Vladimir Lazerson: Army Medic, Peace Psychologist

Vladimiras Lazersonas: karo medikas ir taikos psichologas
Valdimir and Regina Lazerson

by Jūratė Vaižgauskaitė
manoteises.lt

“We used to drink tea using the ‘look’ method: a lump of sugar was tied to a string and we’d look at it while we sipped tea. The tea wasn’t any sweeter for that, but we all had a good time,” Vladimir Lazerson’s daughter Tamara wrote in her memoirs. Lazerson was a professor and early practitioner of clinical psychology. They drank that imagined sweet tea in the Kaunas ghetto where they were imprisoned in June of 1941.

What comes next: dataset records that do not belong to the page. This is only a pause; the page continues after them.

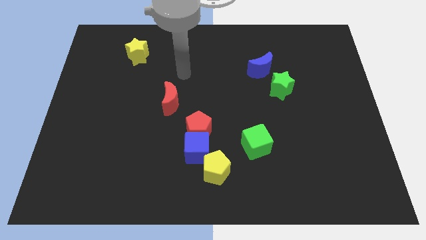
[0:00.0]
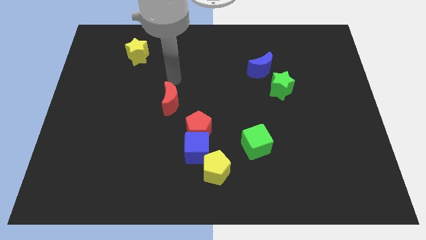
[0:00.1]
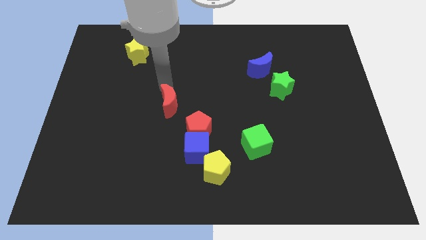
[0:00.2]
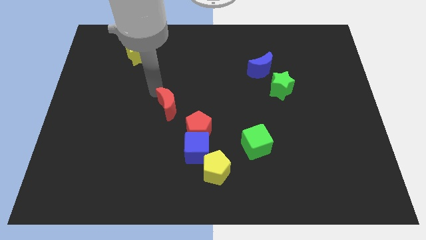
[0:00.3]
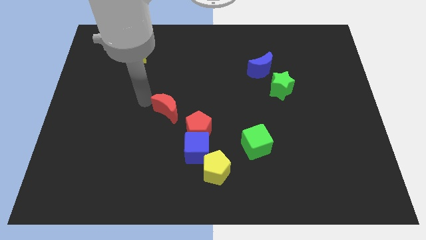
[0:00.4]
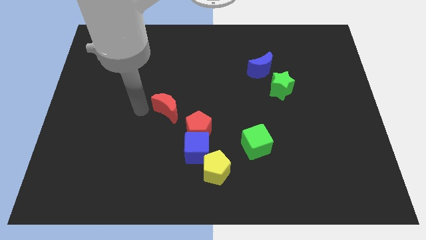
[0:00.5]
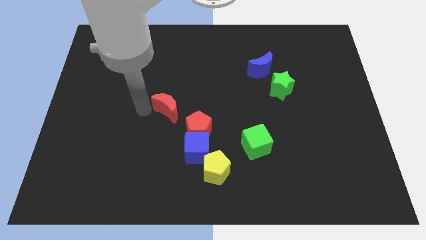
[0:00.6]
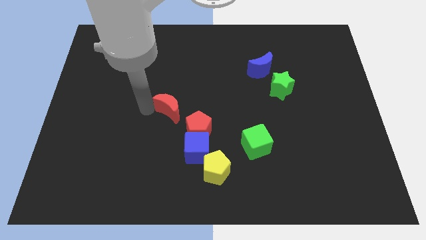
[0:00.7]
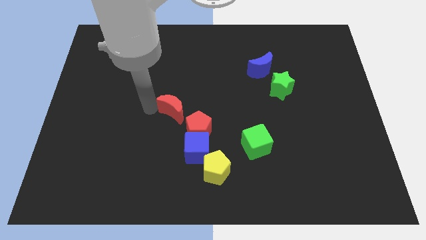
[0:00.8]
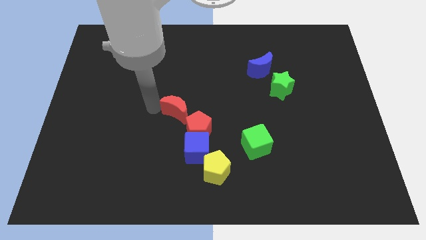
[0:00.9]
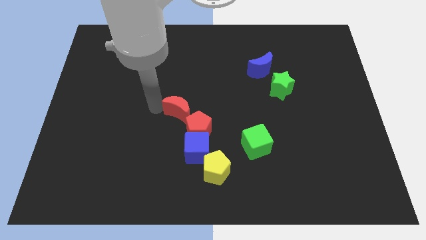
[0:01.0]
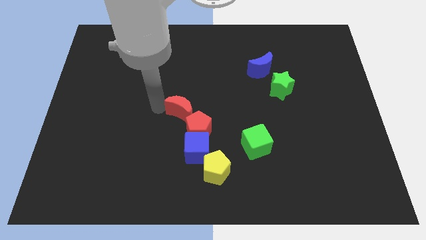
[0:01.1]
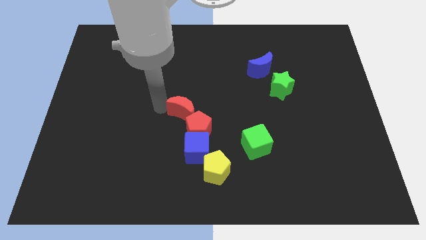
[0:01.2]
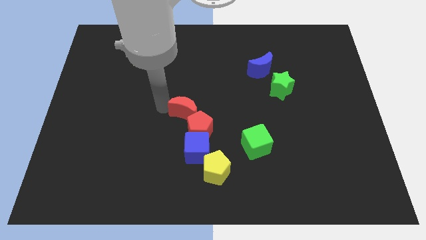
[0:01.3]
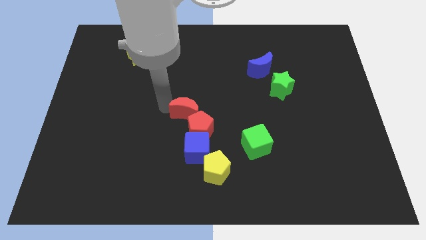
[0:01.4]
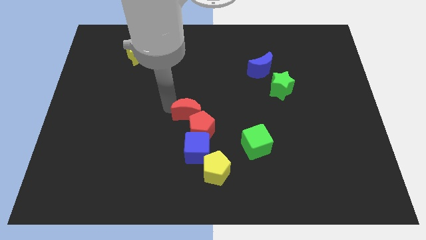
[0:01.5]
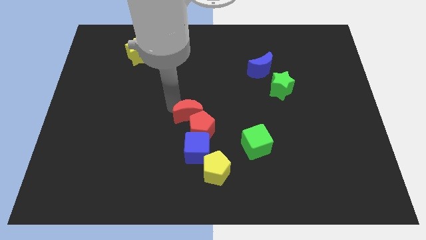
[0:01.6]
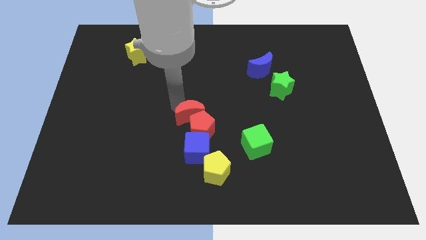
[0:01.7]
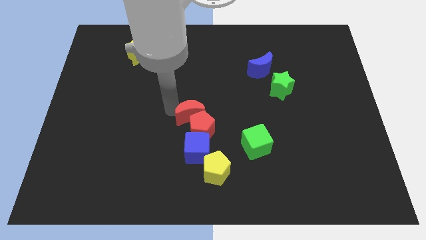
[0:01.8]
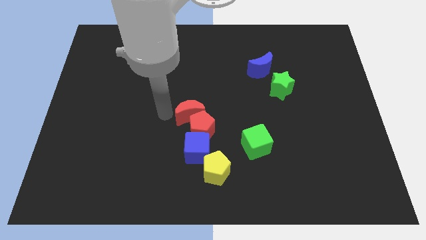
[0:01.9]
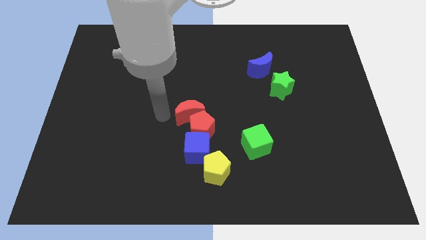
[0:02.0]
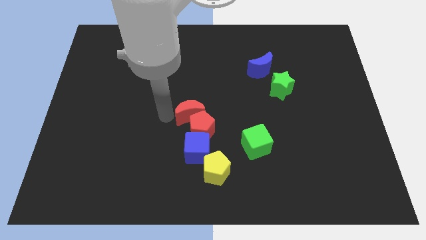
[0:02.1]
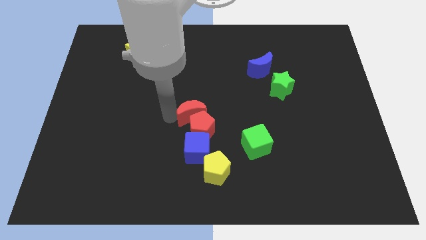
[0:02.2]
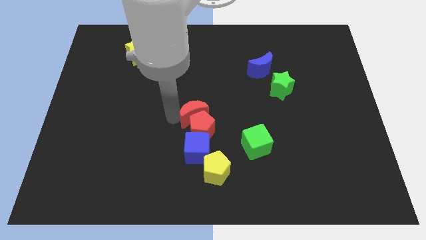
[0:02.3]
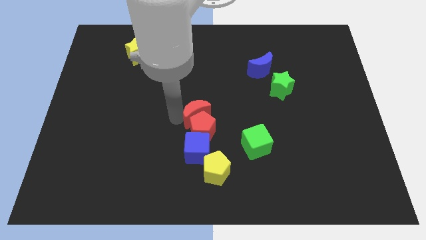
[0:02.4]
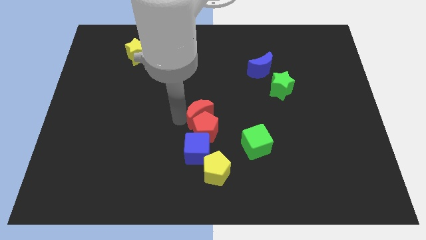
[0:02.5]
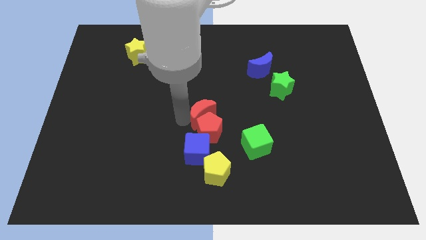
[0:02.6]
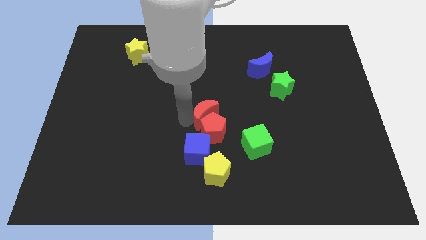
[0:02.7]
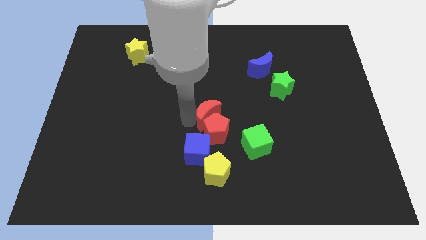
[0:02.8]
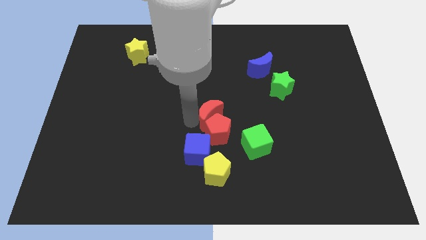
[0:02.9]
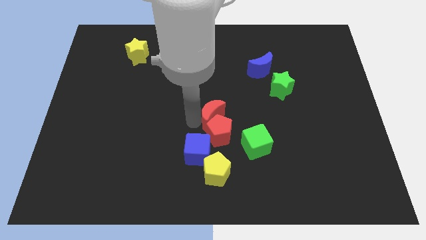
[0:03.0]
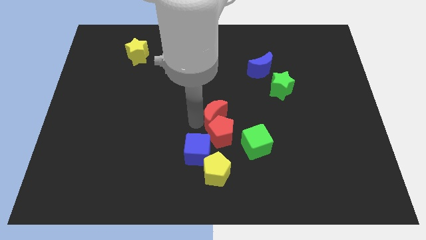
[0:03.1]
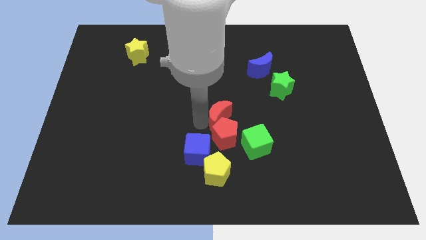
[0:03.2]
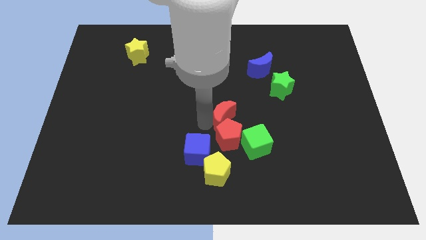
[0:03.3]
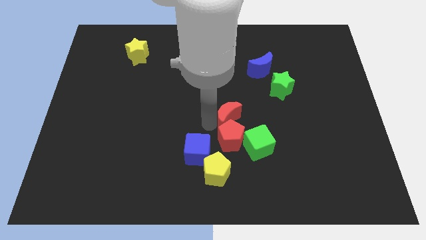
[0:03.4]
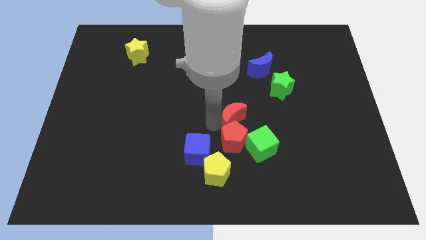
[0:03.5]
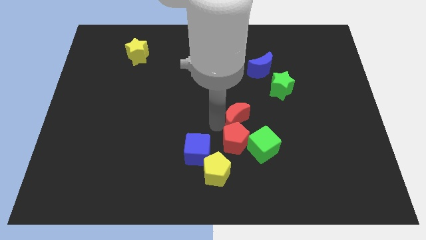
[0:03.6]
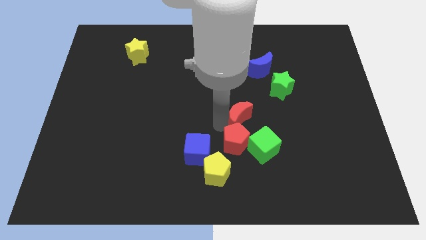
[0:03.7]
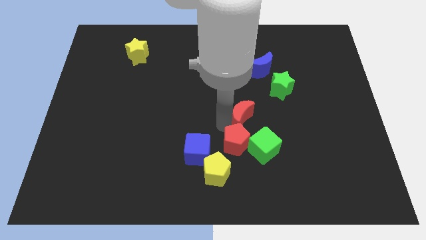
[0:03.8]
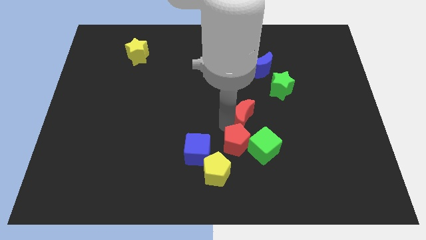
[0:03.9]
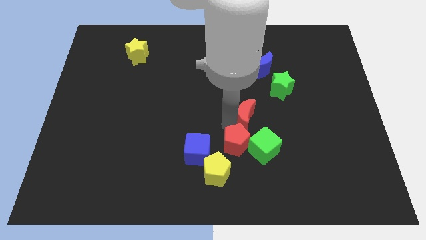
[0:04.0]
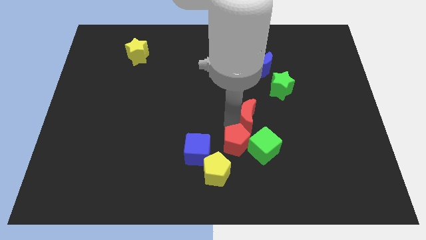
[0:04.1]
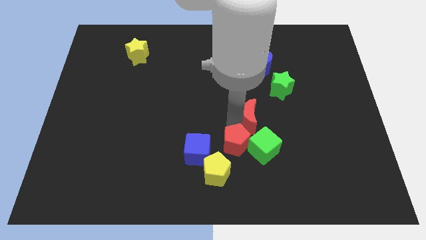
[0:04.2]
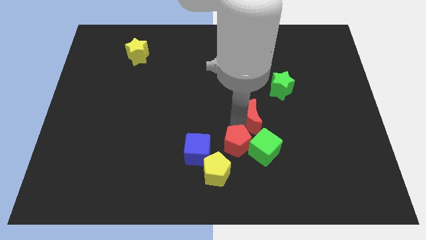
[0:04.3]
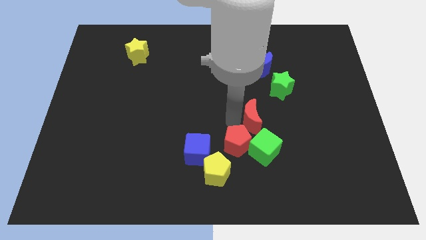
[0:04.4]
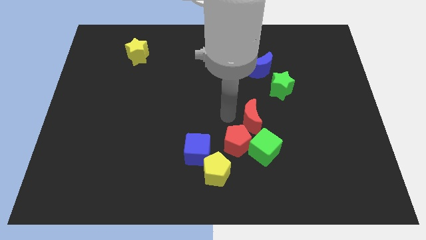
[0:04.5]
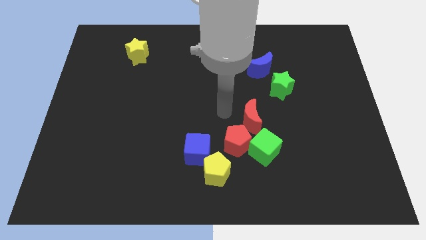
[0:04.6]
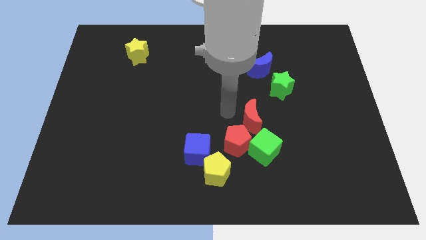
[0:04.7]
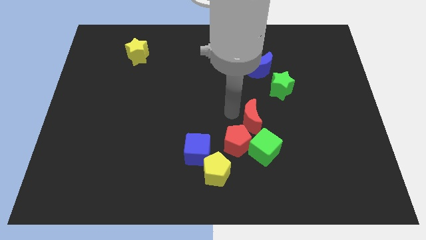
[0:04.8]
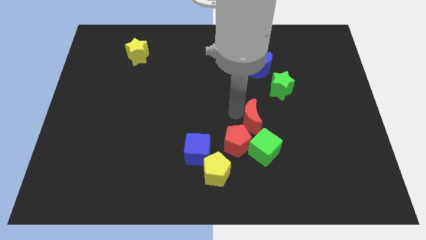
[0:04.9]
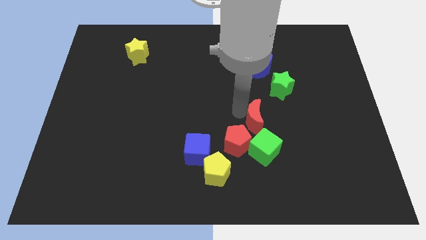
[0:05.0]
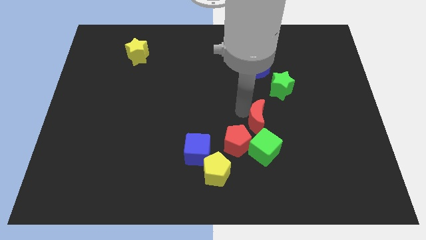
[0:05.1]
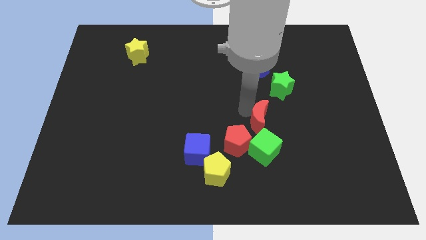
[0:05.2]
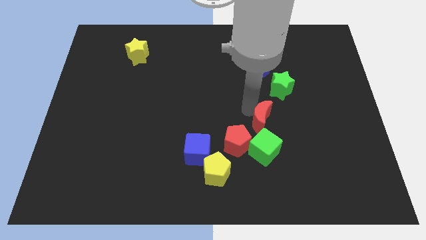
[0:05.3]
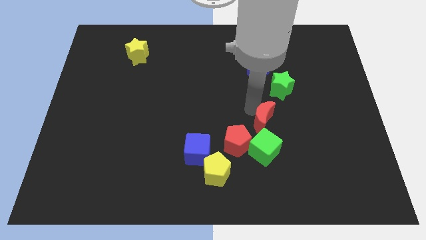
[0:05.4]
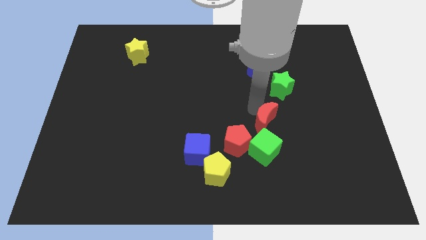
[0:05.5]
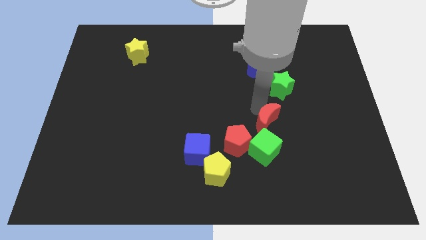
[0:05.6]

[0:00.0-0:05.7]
push the red moon to the top right of the green cube

First professor Lazerson was thrown out of university. Then his house was taken away, his books burned and he was sent to Dachau. There he died. He had dozens of articles published and was the founder in Lithuania of several branches of psychology, and practiced clinical psychology as a military medic.

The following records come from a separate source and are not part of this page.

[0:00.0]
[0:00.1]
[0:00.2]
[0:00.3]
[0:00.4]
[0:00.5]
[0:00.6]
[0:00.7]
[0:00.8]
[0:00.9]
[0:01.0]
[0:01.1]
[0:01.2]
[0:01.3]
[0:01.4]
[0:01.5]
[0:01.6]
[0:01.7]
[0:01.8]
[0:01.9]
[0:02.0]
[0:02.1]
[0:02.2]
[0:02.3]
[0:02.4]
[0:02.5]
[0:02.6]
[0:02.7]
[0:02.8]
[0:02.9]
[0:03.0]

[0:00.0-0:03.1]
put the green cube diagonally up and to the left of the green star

Army Medic, Peace Psychologist

Born in Moscow, Lazerson began his scholastic career at German and Swiss universities. He defended a dissertation thesis in psychology in 1911 and then went on to study medicine in Germany and Russia. His path to Lithuania was a winding one. Working as a military medic and associate professor in Kiev, he left when pogroms began and chose newly independent Lithuania as a destination.